Let $f$ be schlicht, (univalent on the unit disc with power series $f(z)= z + \sum_{n=2}^ \infty a_n z^n$ ) and let $g(z)= [f(z^{-1})]^{-1}$ I am trying to find the Laurent series of $g$ for all $z$.
My attempt is as follows: \begin{align*} g(z)&=\left[ z^{-1} + \sum_{n=2}^ \infty a_n z^{-n} \right]^{-1} =\frac{z}{1+ \sum_{n=2}^ \infty a_n z^{1-n}} \end{align*}
And using that for $\omega$ with modulus $|\omega|< 1$ $$\frac{1}{1+\omega}=\sum_{k=0}^\infty (-\omega)^k,$$
we have that if $\left| \sum_{n=2}^ \infty a_n z^{1-n} \right|<1$ then
\begin{align*} g(z)&=z \left( \sum_{k=0}^\infty \left(-\sum_{n=2}^ \infty a_n z^{1-n} \right)^k \right)\\ &=z\left(1-a_2z^{-1}-a_3z^{-2}+a_2^2z^{-2} + \cdots \right)\\ &=z - a_2 + \left( a_2^2-a_3 \right)z^{-1} + \cdots \end{align*}
I know this is the correct power series, as it is given in a book, but I don't see how I can assume that $\left| \sum_{n=2}^ \infty a_n z^{1-n} \right|<1$.
If you need more context, I am trying to prove The Bieberbach conjecture for the coefficient $a_2$.
Answer compiled from the comments by Daniel Fischer.
Since $$h(z) = \sum_{n=2}^\infty a_n z^{1-n}$$ has a zero in $\infty$, you have $\lvert h(z)\rvert < 1$ for all large enough $\lvert z\rvert$.

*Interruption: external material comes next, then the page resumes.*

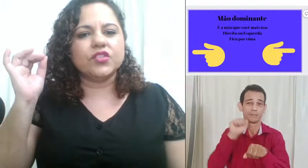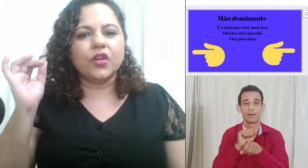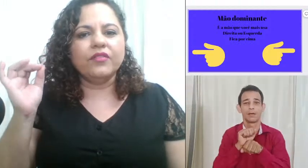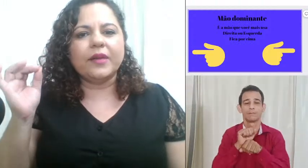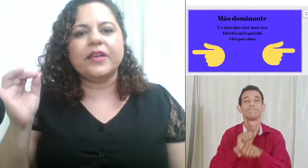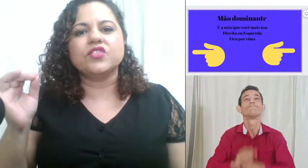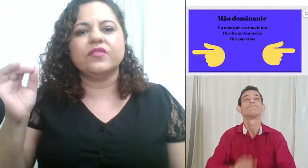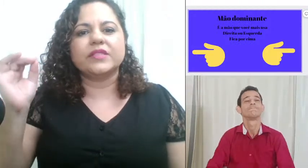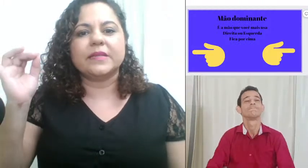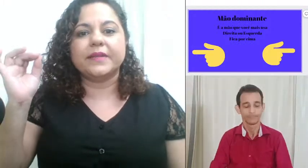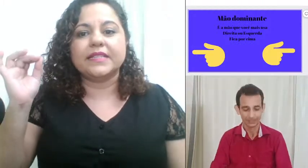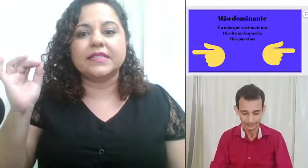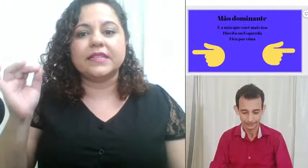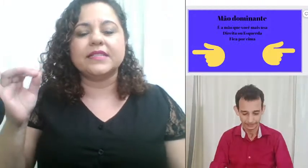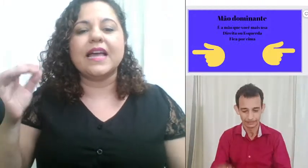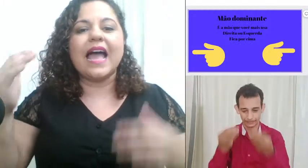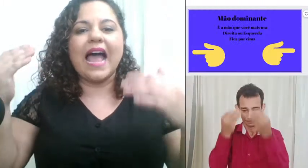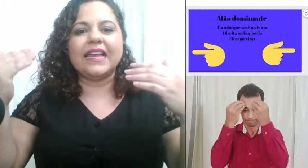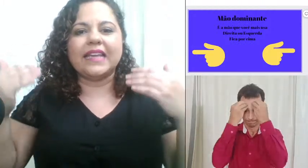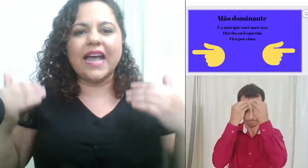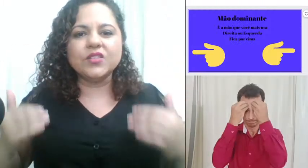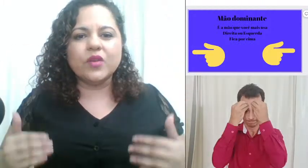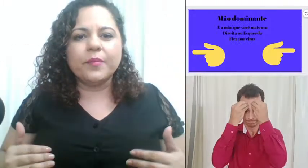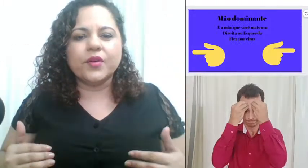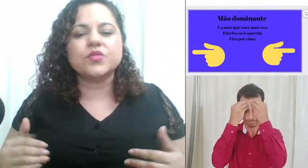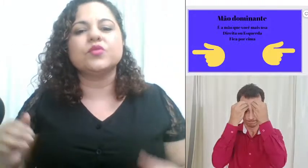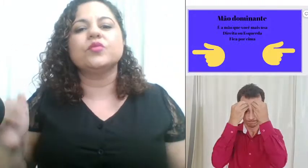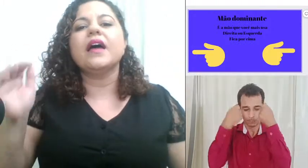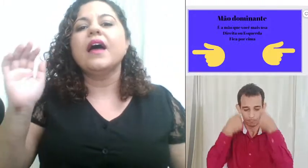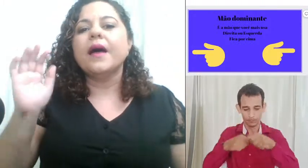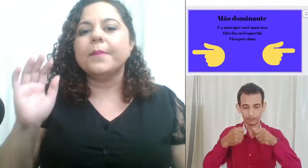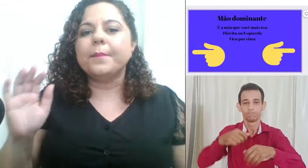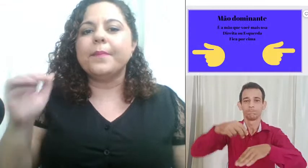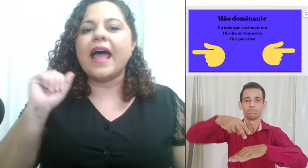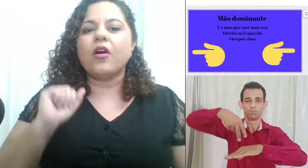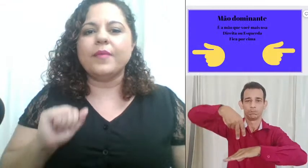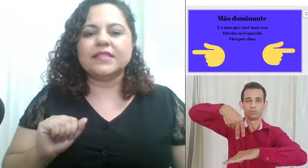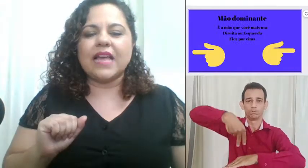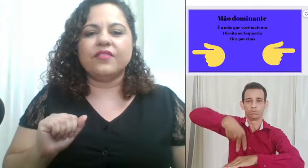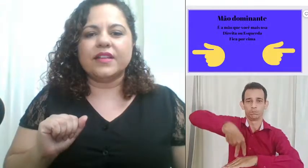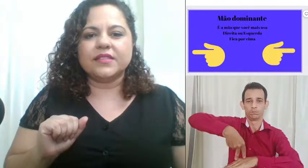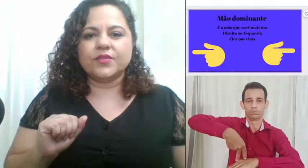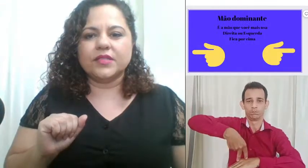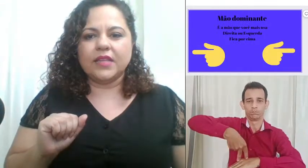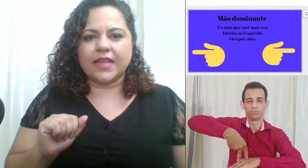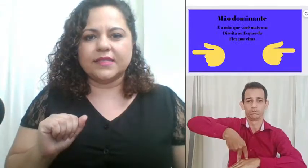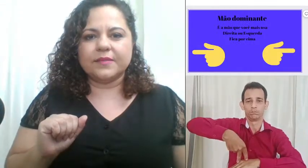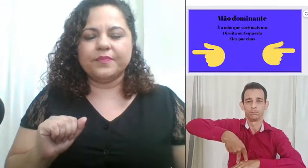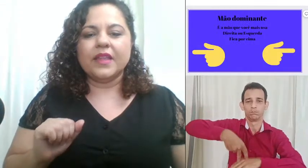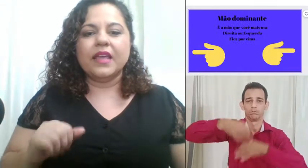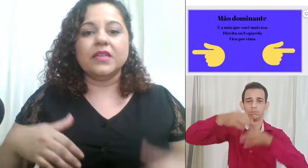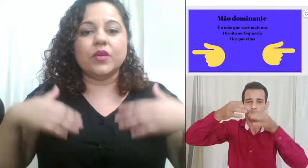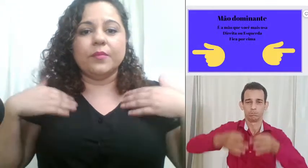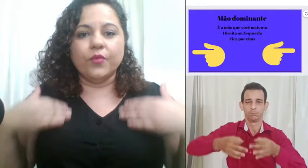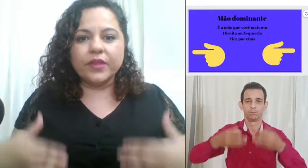novamente que você precisa alinhar a sua postura para começar a fazer os sinais isso é muito
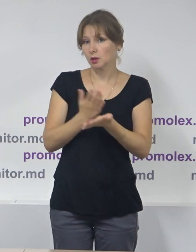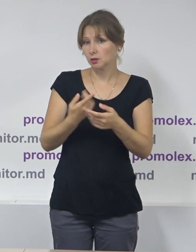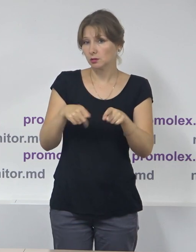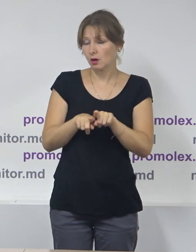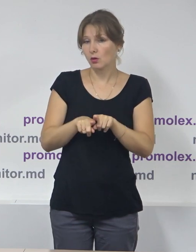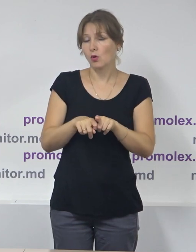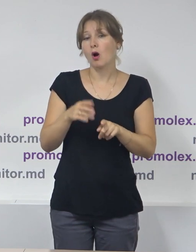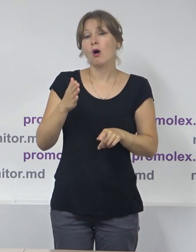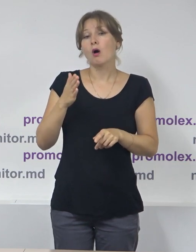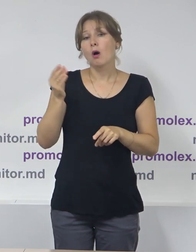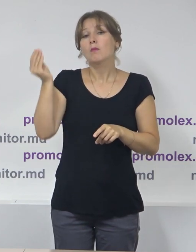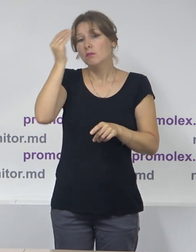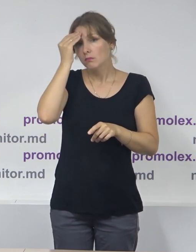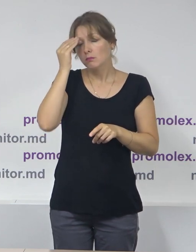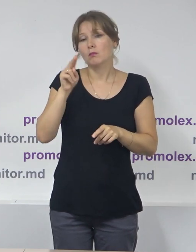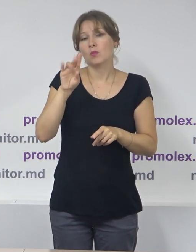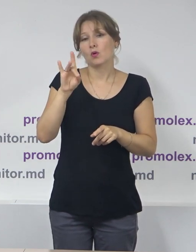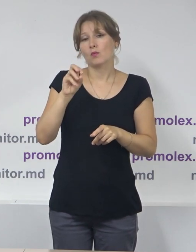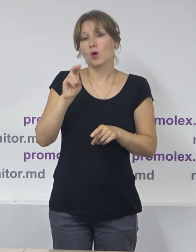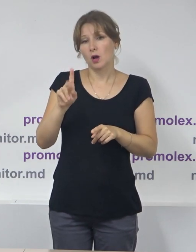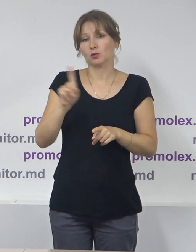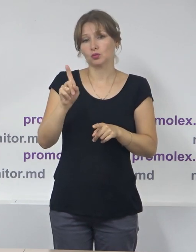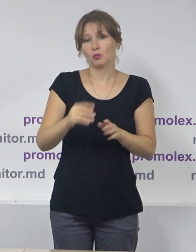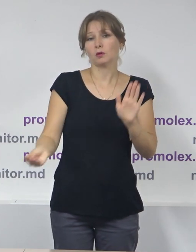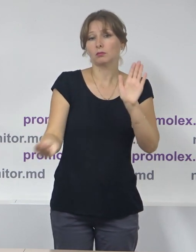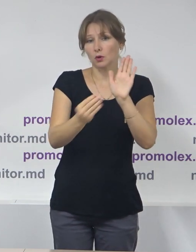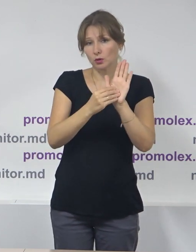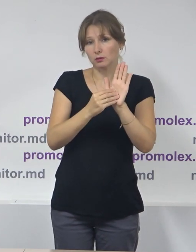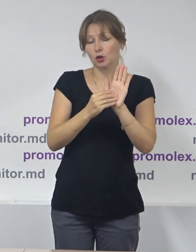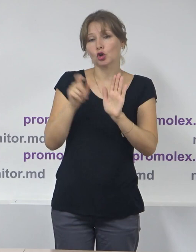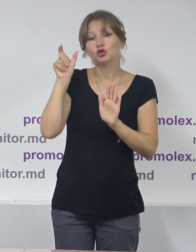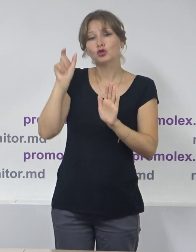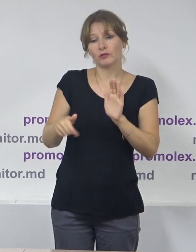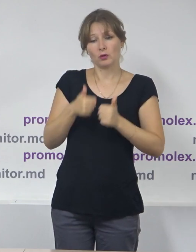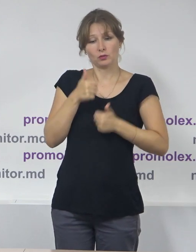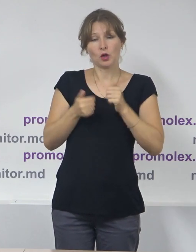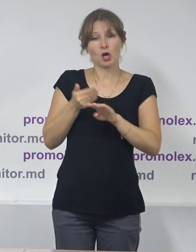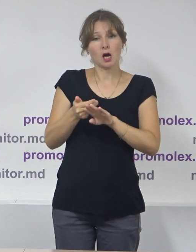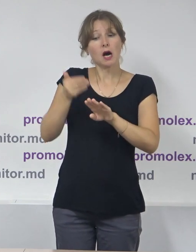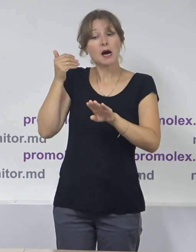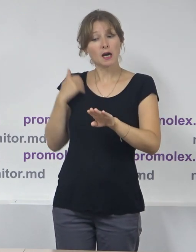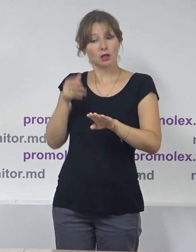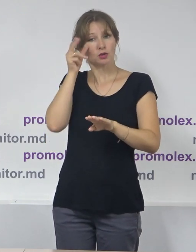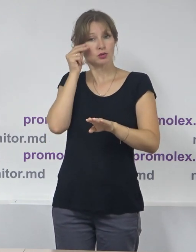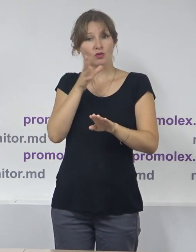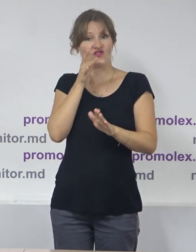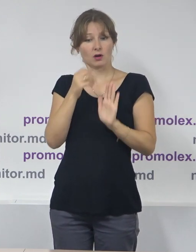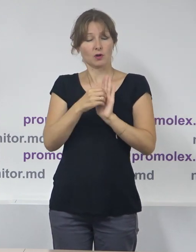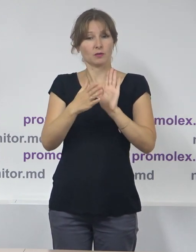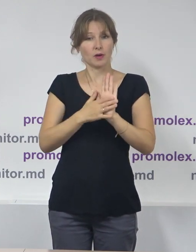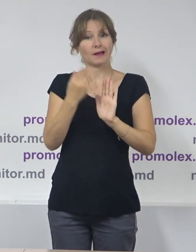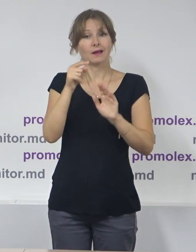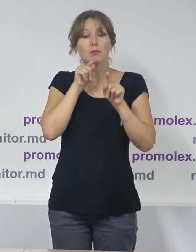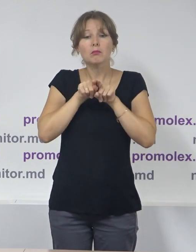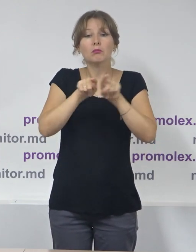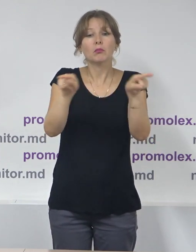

Note that although the Laurent series of $g$ converges (at least) on $\{ z : \lvert z\rvert > 1\}$, the derivation of the Laurent series by expanding $\frac{1}{1+h(z)}$ into a geometric series is usually valid only in a smaller domain $\{ z : \lvert z\rvert > R\}$, where $R$ may be large.
Concerning the convergence of the Laurent series for $g$:
If a function $f$ is holomorphic on an annulus $K(a;r,R) = \{ z : r < \lvert z-a\rvert < R\}$, where $0 \leqslant r < R \leqslant \infty$, then $f$ has a Laurent series expansion $$f(z) = \sum_{n=-\infty}^\infty c_n (z-a)^n$$ converging (locally uniformly) on the annulus $K(a;r,R)$. The coefficients are given by $$c_n = \frac{1}{2\pi i}\int_{\lvert z-a\rvert = \rho} \frac{f(z)}{(z-a)^{n+1}}\,dz,$$ where $r < \rho < R$ is arbitrary. If $f$ is also holomorphic on an annulus $K(a;r_1,R_1)$ with $r_1 < r,\; R < R_1$, then the Laurent series representing $f$ on that larger annulus has the same coefficients, i.e., it is the same series. Thus this Laurent series converges in the largest annulus centered at $a$ containing the circle $\lvert z-a\rvert = \rho$. Since $g$ is holomorphic on $\{ z : 1 < \lvert z\rvert < \infty\}$, the Laurent series representing $g$ on $R < \lvert z\rvert < \infty$ for any $R < \infty$ converges (at least) on the complement of the closed unit disk.